┌─ Extracted records
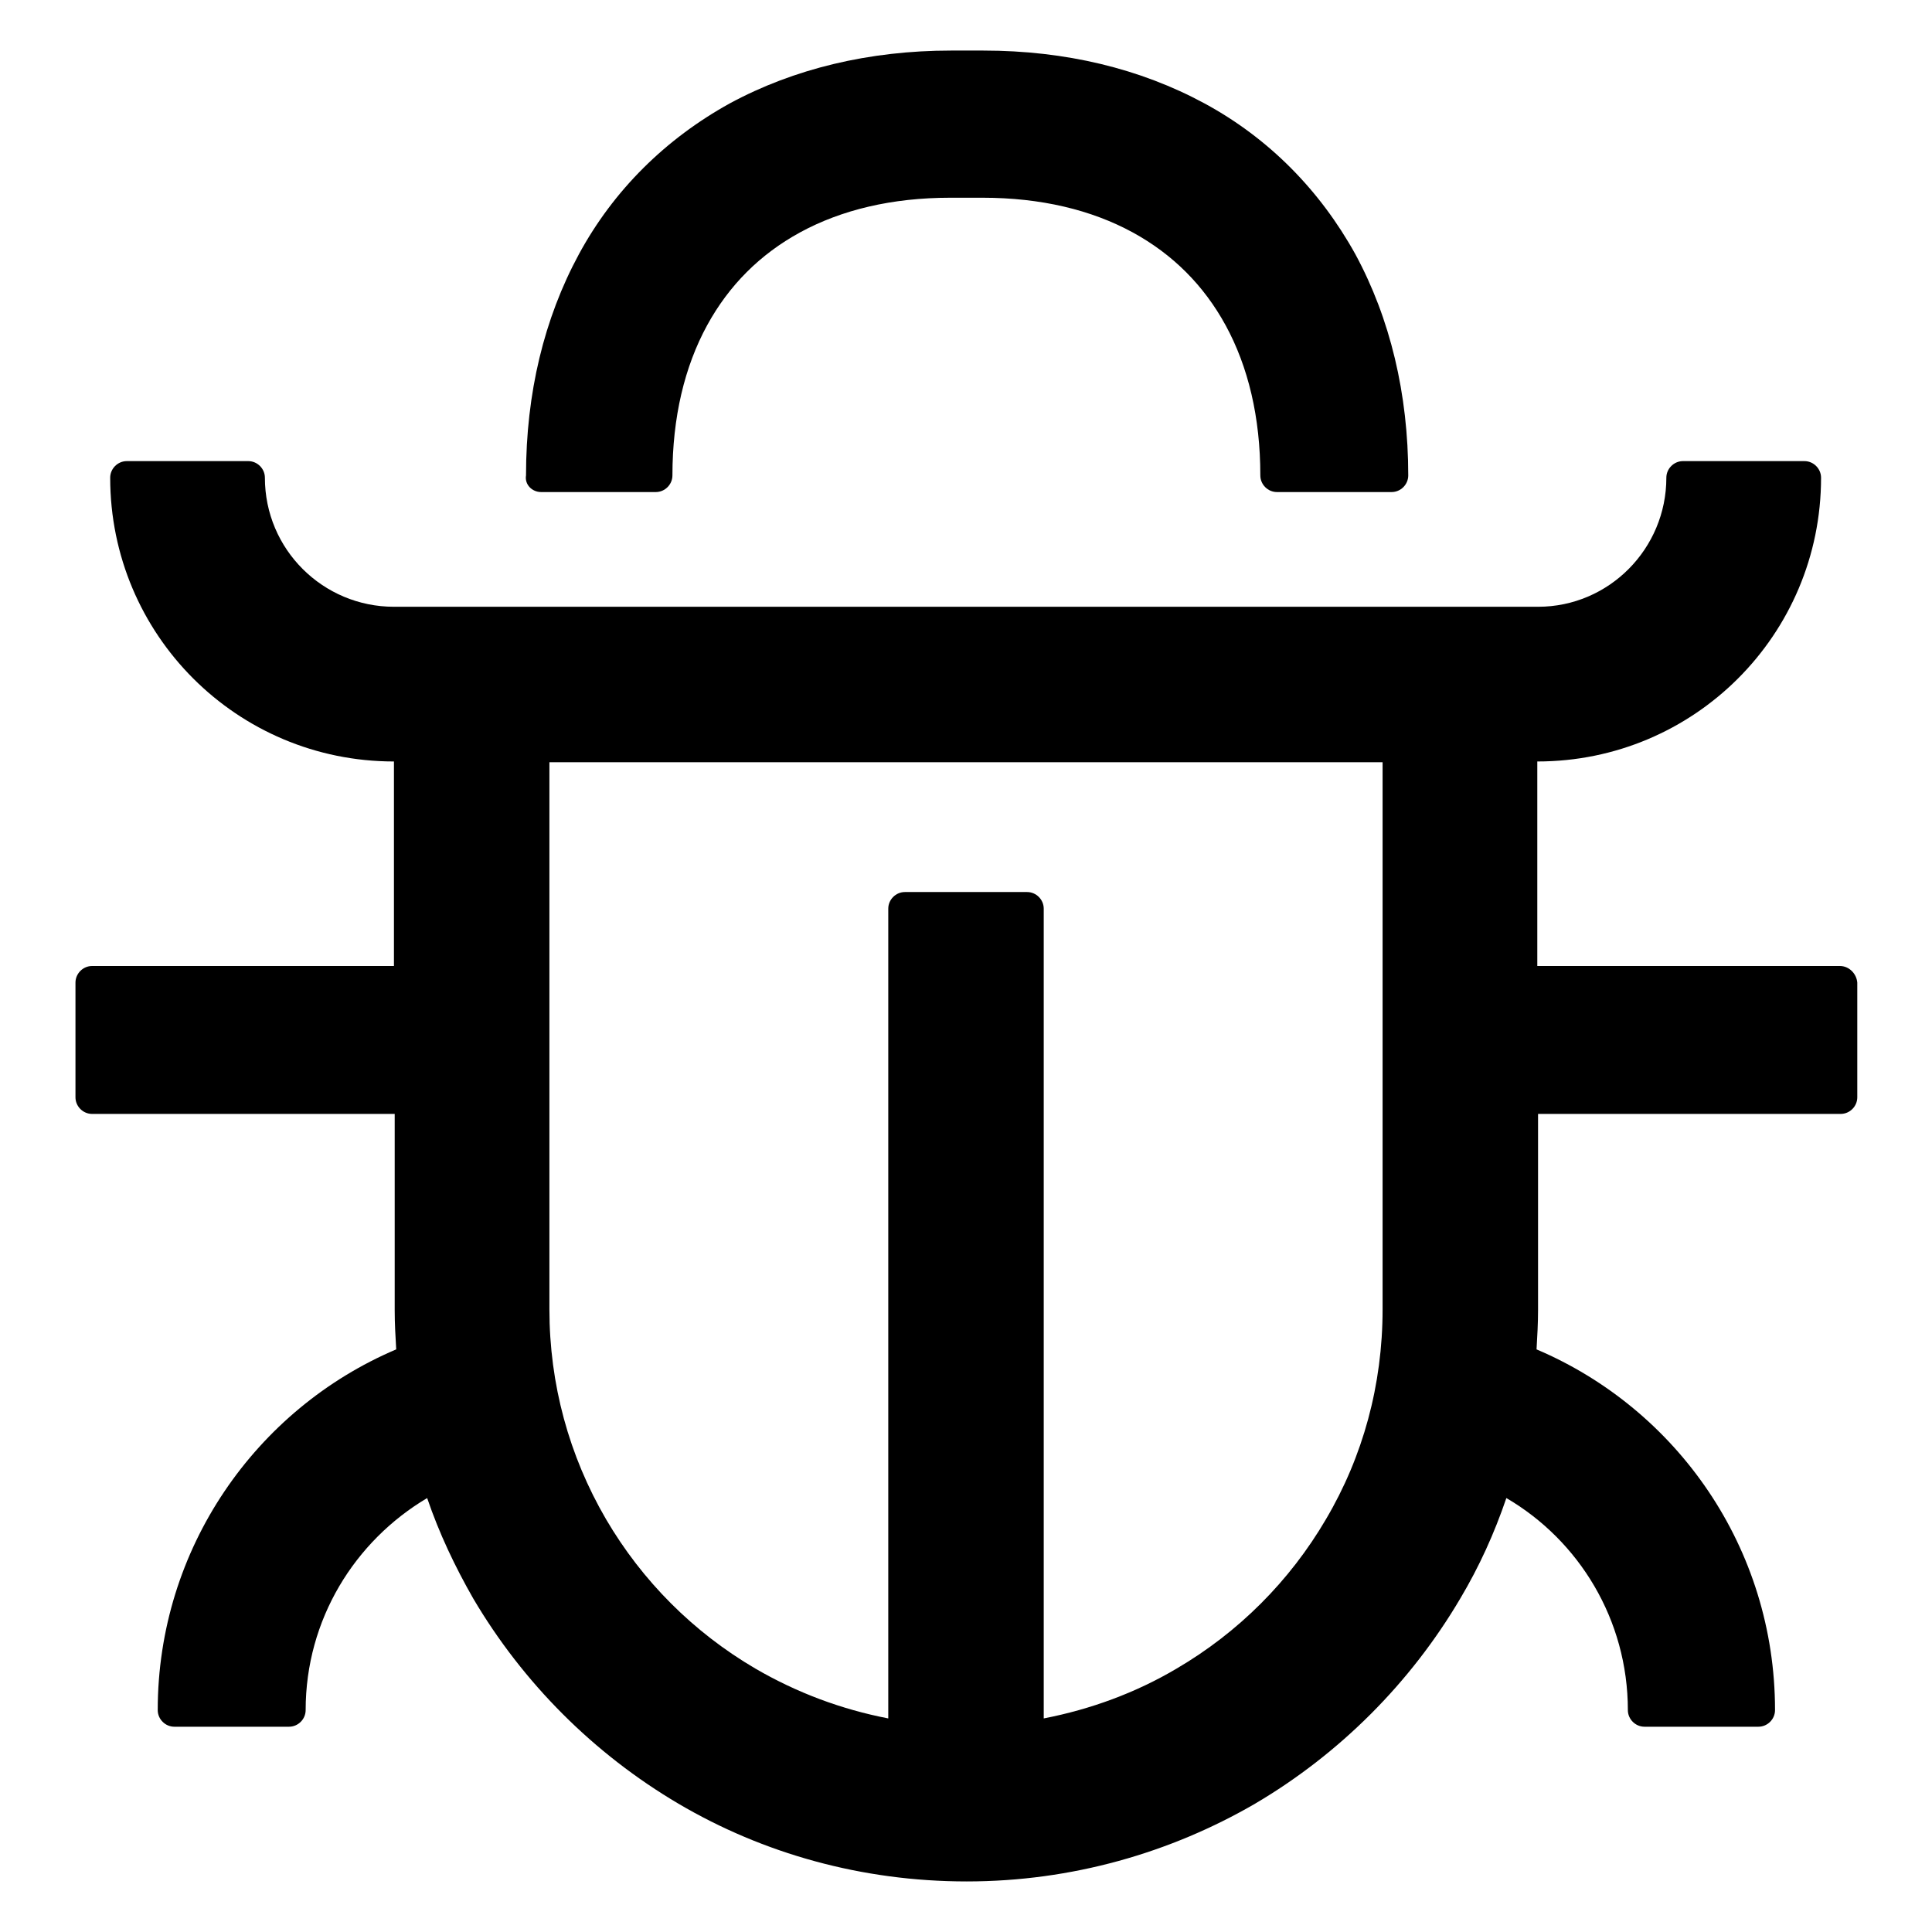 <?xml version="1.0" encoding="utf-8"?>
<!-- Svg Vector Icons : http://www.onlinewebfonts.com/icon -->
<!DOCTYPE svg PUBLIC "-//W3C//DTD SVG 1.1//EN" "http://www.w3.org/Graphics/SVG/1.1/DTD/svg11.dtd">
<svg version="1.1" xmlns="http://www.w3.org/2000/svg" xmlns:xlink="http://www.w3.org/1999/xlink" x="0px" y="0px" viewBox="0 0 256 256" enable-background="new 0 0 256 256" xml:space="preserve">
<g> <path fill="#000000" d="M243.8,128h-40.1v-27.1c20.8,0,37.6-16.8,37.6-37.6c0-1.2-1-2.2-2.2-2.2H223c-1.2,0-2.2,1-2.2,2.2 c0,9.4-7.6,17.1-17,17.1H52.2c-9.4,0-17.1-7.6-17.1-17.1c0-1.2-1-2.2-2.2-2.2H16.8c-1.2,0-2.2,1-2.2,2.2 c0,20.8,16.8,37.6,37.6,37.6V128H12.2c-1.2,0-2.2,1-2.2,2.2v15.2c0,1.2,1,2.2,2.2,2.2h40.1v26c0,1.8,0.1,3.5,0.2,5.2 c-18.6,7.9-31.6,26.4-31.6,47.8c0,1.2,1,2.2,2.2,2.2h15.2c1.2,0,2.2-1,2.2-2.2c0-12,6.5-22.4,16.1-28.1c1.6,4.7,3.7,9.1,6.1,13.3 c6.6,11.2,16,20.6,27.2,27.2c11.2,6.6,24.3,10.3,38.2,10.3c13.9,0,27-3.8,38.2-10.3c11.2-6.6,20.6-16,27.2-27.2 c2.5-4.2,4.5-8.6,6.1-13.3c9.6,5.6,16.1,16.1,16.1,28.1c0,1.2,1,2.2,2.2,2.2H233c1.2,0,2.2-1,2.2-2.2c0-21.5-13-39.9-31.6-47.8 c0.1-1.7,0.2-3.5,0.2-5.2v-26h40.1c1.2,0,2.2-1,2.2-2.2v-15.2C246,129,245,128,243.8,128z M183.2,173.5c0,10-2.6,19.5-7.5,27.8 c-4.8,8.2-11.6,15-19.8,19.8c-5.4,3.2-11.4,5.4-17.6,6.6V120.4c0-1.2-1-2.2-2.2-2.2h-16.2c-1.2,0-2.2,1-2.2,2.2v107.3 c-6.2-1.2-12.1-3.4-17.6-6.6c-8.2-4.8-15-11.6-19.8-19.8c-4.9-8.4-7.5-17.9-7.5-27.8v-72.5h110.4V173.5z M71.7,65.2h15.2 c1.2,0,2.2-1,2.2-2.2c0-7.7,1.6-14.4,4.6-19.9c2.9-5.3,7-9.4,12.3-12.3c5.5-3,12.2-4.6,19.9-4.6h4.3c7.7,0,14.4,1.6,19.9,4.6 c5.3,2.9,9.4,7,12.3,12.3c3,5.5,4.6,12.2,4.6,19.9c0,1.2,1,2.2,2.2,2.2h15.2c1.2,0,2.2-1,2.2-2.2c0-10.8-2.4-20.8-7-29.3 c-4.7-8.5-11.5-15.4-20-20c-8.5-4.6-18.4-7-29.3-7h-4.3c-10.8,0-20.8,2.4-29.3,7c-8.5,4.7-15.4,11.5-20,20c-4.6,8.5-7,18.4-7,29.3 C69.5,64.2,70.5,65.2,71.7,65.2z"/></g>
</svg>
└─
Leave the pictures out and repeat exactly the lines from the beginning of the records to the line bearing "<!DOCTYPE svg PUBLIC", both ends counted.

Exercise result
 <?xml version="1.0" encoding="utf-8"?>
<!-- Svg Vector Icons : http://www.onlinewebfonts.com/icon -->
<!DOCTYPE svg PUBLIC "-//W3C//DTD SVG 1.1//EN" "http://www.w3.org/Graphics/SVG/1.1/DTD/svg11.dtd">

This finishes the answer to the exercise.